Walker not ready to leave the bench yet

November 04, 2005|By DON AINES


Judge John R. Walker's morning began Wednesday with the sentencing of a man on a simple assault charge and a discussion over whether there should be a deadly weapon enhancement because the defendant pelted the victim with a rock.

"It couldn't have been much of a rock if it just caused a bump," Franklin County Public Defender Michael Toms said.

"A rock was a deadly weapon when David and Goliath met," Walker said. "Sticks and stone may break my bones, but names will never hurt me."


"I would point out this stone broke no bones," Toms replied.

A brief discussion of the Bible and the physics of stone-throwing followed before Walker handed down a sentence longer than the 69 days the man already has served, but less than the six months he could have received.

"I try to give them enough time to get their attention" when it comes to sending someone to jail, Walker said later in his chambers. "Too little time and you don't get their attention.

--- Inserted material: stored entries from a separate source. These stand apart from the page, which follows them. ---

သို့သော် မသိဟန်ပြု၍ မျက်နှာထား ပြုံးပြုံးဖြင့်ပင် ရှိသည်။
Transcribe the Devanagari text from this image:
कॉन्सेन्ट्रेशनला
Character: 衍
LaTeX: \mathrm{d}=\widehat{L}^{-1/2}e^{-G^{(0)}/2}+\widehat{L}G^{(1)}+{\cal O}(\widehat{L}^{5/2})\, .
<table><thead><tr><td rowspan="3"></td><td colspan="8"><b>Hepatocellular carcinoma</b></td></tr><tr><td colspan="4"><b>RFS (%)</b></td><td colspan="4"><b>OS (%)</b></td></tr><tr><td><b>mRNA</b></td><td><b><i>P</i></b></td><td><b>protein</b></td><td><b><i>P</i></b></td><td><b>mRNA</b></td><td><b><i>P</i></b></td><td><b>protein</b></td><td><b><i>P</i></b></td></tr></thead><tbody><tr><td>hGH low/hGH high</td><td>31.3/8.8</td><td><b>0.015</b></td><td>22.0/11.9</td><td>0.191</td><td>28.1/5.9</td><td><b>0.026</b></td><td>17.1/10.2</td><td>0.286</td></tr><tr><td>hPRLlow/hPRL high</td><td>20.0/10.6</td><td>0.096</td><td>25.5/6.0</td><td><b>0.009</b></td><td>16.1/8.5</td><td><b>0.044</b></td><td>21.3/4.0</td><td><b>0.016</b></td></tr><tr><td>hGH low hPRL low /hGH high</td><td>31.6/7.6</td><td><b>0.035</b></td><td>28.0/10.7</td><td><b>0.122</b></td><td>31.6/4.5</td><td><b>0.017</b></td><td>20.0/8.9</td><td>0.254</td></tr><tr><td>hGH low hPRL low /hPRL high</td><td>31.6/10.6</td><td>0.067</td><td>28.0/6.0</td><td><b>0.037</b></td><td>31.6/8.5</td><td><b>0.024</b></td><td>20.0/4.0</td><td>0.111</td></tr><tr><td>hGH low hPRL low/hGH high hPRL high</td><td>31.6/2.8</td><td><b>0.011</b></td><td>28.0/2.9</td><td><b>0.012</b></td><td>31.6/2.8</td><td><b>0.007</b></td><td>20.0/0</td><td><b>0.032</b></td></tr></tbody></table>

Too much and they come out bitter."

The 62-year-old president judge of the 39th District of the Court of Common pleas, which encompasses Franklin and Fulton counties, has been on the bench for 20 years, but he is not ready to hang up his robe just yet. That decision, however, will be left to the voters of the two counties in Tuesday's general election when his name appears on the ballot for retention.

Walker, who was Franklin County's district attorney for 14 years before being elected to the bench, does not face an opponent. Voters will simply vote on whether he gets to spend another eight years on the job. According to the administrative office of Pennsylvania courts, the job pays $149,782 a year, based on the judicial pay raise passed by the Pennsylvania General Assembly in July.

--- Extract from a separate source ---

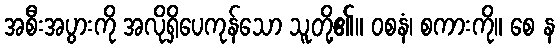
အစီးအပွားကို အလိုရှိပေကုန်သော သူတို့၏။ ဝစနံ၊ စကားကို။ စေ န

A judge's term is 10 years, but Walker must, by state law, retire at the end of the calendar year in which he turns 70. That will be 2013.

"I have one of the greatest jobs in the world ... I especially enjoy it when I get to sentence the bad boys," said Walker, who does not mince words with the men and women who come before him. A few months ago, a great-grandmother convicted of stealing holiday gifts was recommended for probation, but Walker disagreed.

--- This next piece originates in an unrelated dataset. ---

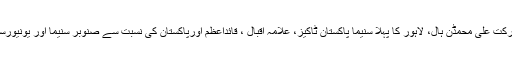
مثلاً شادی لال بلڈنگ، برکت علی محمڈن ہال، لاہور کا پہلا سنیما پاکستان ٹاکیز، علامہ اقبالؒ ، قائداعظمؒ اورپاکستان کی نسبت سے صنوبر سنیما اور یونیورسٹی گراؤنڈ وغیرہ وغیرہ۔

"The Grinch that stole Christmas goes to jail," he told her.

"When I sentence someone, I talk to them the same way I talk to my kid ... I don't pull punches," Walker said. To get his points across, he often throws in lyrics from a country song or an advertising jingle

Wednesday morning, when sentences are handed down, was going quickly, largely because several of the dozen or so defendants were granted continuances. One man came in with a note from his doctor explaining that he was still recovering from back surgery.

"A neurological surgeon and I can't read his writing and question his command of English," Walker said, struggling to read the note. He rescheduled the case for a month and then reconsidered, extending it six weeks.

"By golly, in four weeks I'll be hunting the first week of buck season," said Walker, whose chamber walls are adorned with trophies of previous hunts.

Attorney Clinton Barkdoll told Walker his client's girlfriend had called to tell him the man was in a hospital emergency room. Walker granted a one-week delay but warned the man better have proof to back up his excuse.

"God have mercy on his soul if he wasn't in the emergency room," Walker said.

In Walker's onw words

The following are quotes by Judge John R. Walker during court proceedings, reported by Herald-Mail reporters over the last several years:

"If you wanted to go 110 to 120 miles an hour, you should have booked a plane ticket. You are not allowed to fly on (Interstate) 81."

"I'm moving my chair back ... I don't want lightning bouncing off you and hitting me. You've got to be honest with yourself."

"I could write a country and western song about this," Walker said of the charges facing one defendant. He suggested the song be about "all the stupid things I've done in my life. That would be a Billboard hit."

"I just want you to know (that) the ... family, unless you're drawn and quartered on the square, will not be satisfied."

"It's not like you got a scholarship to Penn State. This is the state pen."

"When people go into a place with a firearm, threaten people, steal their money and duct tape them ... we're not going to tolerate that."